In response to the power failures caused by the massive storm Hurricane Ida, City Council President Helena Moreno is launching an investigation into Entergy New Orleans, and proposing a study “on retail competition and utility ownership in New Orleans.”
As a resident of New Orleans, I appreciate Moreno’s passionate efforts on behalf of our city. But as the executive director of Power for Tomorrow — an organization that is made up of consumer advocates, electric utilities, former lawmakers and regulators, Democrats and Republicans, and organized labor committed to exposing the risks of deregulation — I want to stress that allowing third-party retailers to sell power to residents would mean higher electric bills, and less reliable power, for the Crescent City.
A recent Wall Street Journal analysis reported: “U.S. consumers who signed up with retail energy companies that emerged from deregulation paid $19.2 billion more than they would have if they’d stuck with incumbent utilities from 2010 through 2019.” Worse, shady retail competition suppliers often target the least sophisticated customers like senior citizens, offering them misleading promises of cost savings that don’t materialize.

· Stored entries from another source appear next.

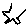
Label: star
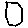
Label: hexagon
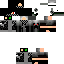
A female skeleton skin with dark skin, wearing red helmet dressed in a black armor chest and black pants, featuring a closed mouth.
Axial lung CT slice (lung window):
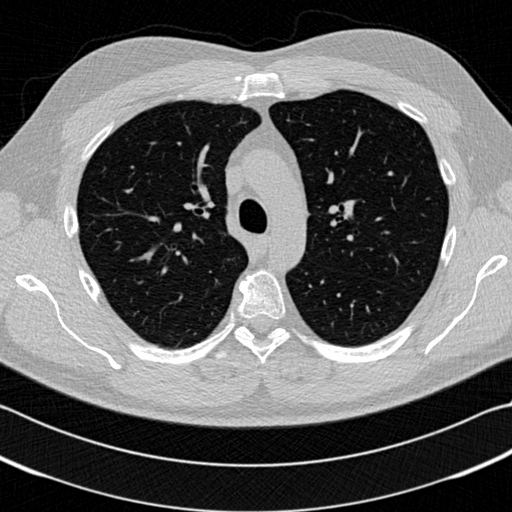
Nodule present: no
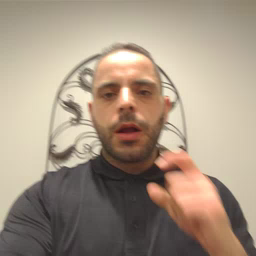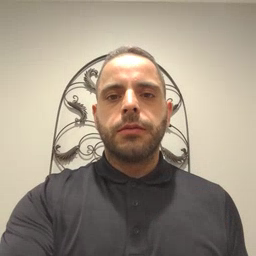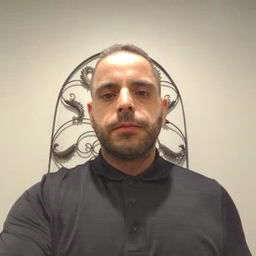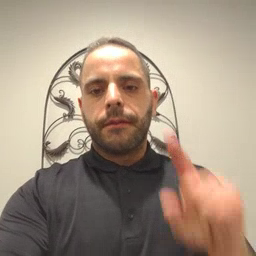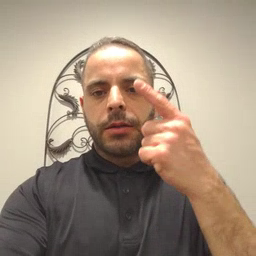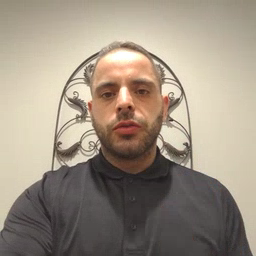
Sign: first
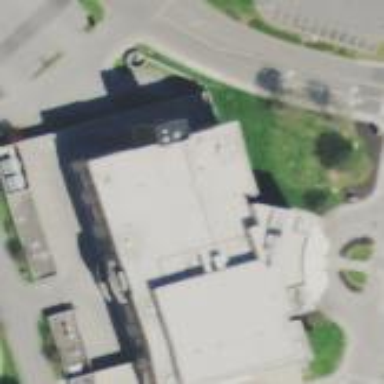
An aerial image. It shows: Hospital building.
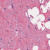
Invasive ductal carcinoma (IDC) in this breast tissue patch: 0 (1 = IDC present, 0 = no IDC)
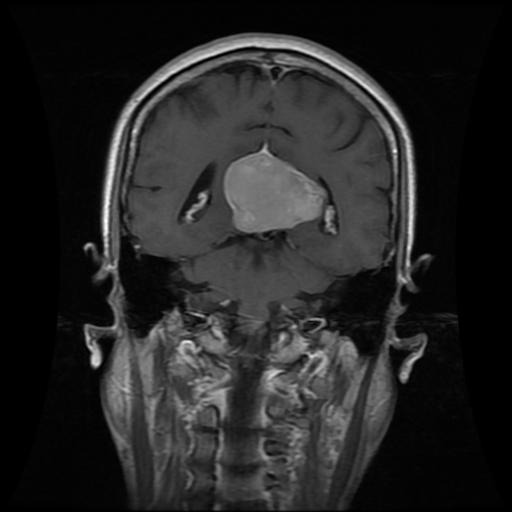
Label: meningioma
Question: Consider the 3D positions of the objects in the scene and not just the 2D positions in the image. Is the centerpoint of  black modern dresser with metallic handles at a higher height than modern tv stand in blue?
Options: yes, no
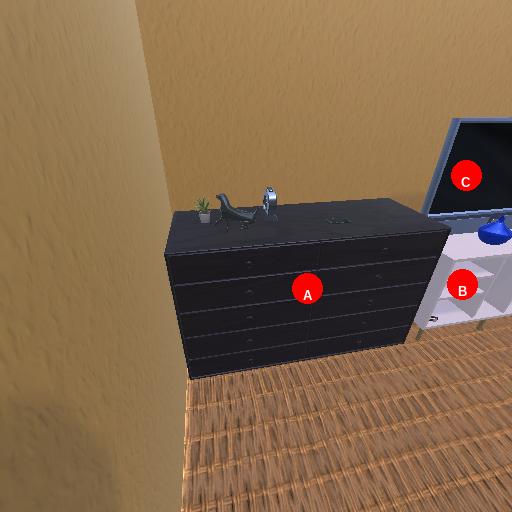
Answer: yes
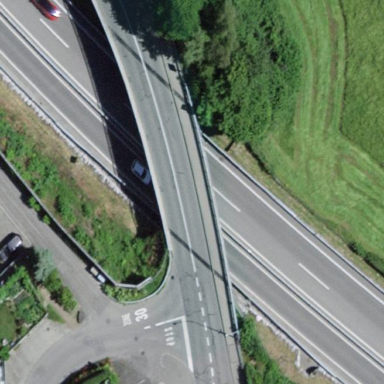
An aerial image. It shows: Man-made bridge.
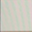
Piece: xx
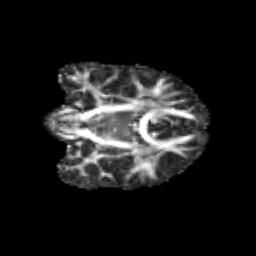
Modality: FA
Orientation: coronal
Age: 9
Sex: female
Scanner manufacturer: siemens
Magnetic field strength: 3 T
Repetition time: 3.8 s
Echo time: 0.07 s
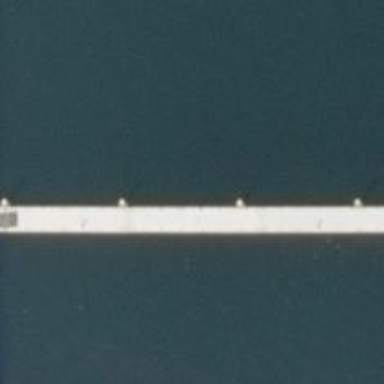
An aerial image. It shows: Man-made pier.
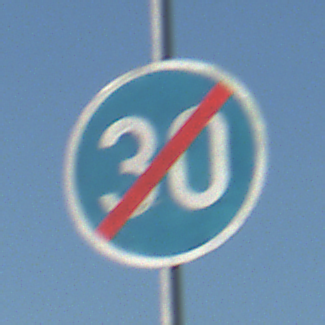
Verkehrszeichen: EndeMindestgeschwindigkeit
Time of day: MorningAfternoon
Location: Outdoor (RoadRail)
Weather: Clear
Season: NotSpecified
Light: Natural

As for reliability, Ida knocked down more than 30,000 utility poles. In response, Entergy helped organize 27,000 restoration workers from 41 states, to come to Louisiana and fix our grid. If we take away grid ownership from Entergy, who will save us if there is a next time?
Consider neighboring Texas; when winter storm Uri slammed them, their deregulated electric grid took weeks to fix, costing over 100 lives. Many Texans paid electric bills in the thousands of dollars for just a few days of energy. So why would New Orleans want to import a model that is more expensive and less reliable?
While Entergy New Orleans isn’t perfect, and we need local elected officials to hold them accountable, we should also be grateful the utility rose to the challenge of Ida and restored power to most New Orleanians within a week or so. As a juxtaposition of public services, consider our unfortunate situation with trash being uncollected for weeks.